The last big addition that must be covered is definitely the storymode. What this allows is a switch for the whole city. When storymode is on every family and person acts as if they are controlled by a player. They go to work, invite people over, have fights, the whole nine yards, and on top of that everyone ages – they can go right from baby up to elderly and then take a nose dive into the grave. This is easily the best new feature in the game, and something I hope they expand on in either expansion packs or The Sims 4.

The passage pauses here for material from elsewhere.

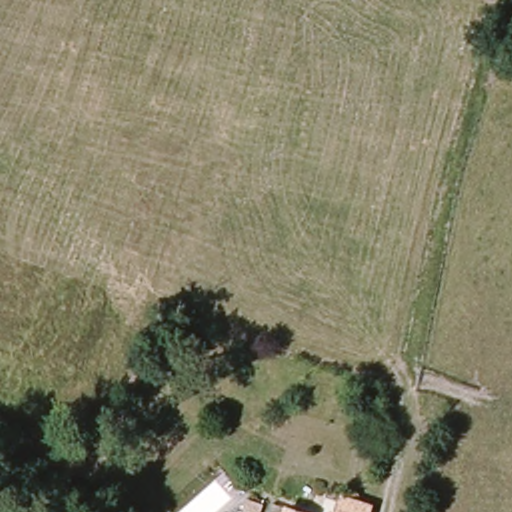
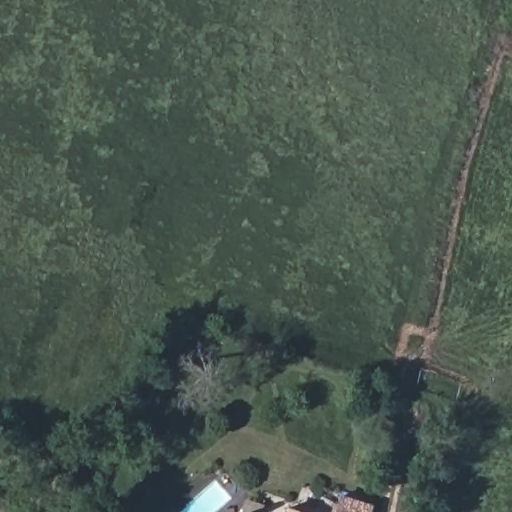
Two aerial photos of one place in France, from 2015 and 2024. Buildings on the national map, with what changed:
unchanged [(335,512),(337,503),(369,512),(335,512)]
unchanged [(246,512),(246,510),(255,512),(246,512)]

Now some of you are probably saying, “Odion didn’t you say this was a mixed bag, this sounds like a lot of positive stuff.” Well to be honest all of these are great additions to the game, they had a ton of variety and fun to the series, but they don’t take it to the next level. The problem being all this stuff is fun to do, but it’s all just extensions of actions I could do in The Sims 1. The side quests are just talking to people or going to point A or point B, they’re a lot like some of the new quests in WoW, they seem a lot fancier because there is a brand new coat of paint, and some bells and whistles, but in the end it’s still you killing 30 boars.

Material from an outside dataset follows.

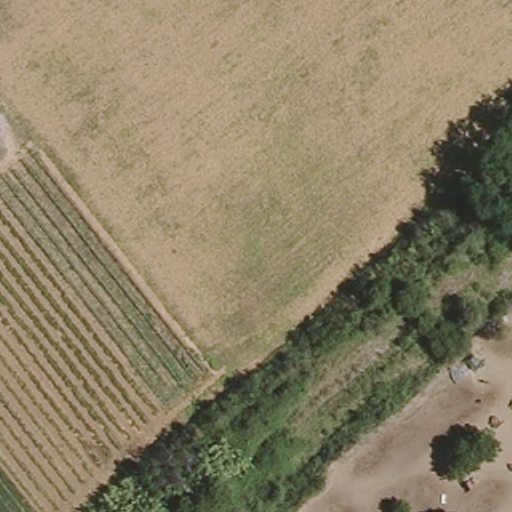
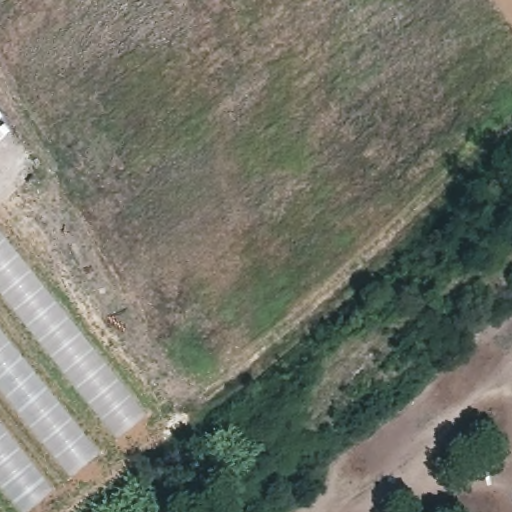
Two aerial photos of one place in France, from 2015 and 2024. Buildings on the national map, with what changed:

The Sims 3 isn’t a bad game, not in slightest, and too a different group of gamers this might be all they wanted, but for me this feels like a sequel that Will Wright had nothing to do with. There is no new magic, or amazing new idea that is going to re-imagine the whole series, it’s just more and better stuff that we got in Sims 1.

Community Voice
JVIDICAN had this to say:

The Sims has always been a series that is casual friendly, but offers a certain depth for the more hardcore. This is has not changed in its third major release. So what has changed in the Sims 3? The Sim’s now have a more cartoonish look to them, while this may irritate some I found it added a certain charm to the game. The neighborhood, your home and even that new oven you’ve been saving up for are all easy on the eyes. Gameplay tweaks generally just include more customization options for both your Sim and there surroundings. By far the biggest change in The Sims 3 is the now seamless open neighborhood. While you still have the option of traveling via map, you can now walk the streets of your city and interact with all of its residents. Something I found disappointing was the omission of many of the features added with The Sims 2 Expansion packs including pets, seasons, holidays, and college.

If you were a fan of the previous games, I cannot recommend the third enough. If you hated them with a passion, The Sims 3 likely won’t change your mind. With EA promising long term support through expansion packs and a buzzing online community The Sims 3 will definitely keep the Sim fanatics satisfied until the series’ next major release.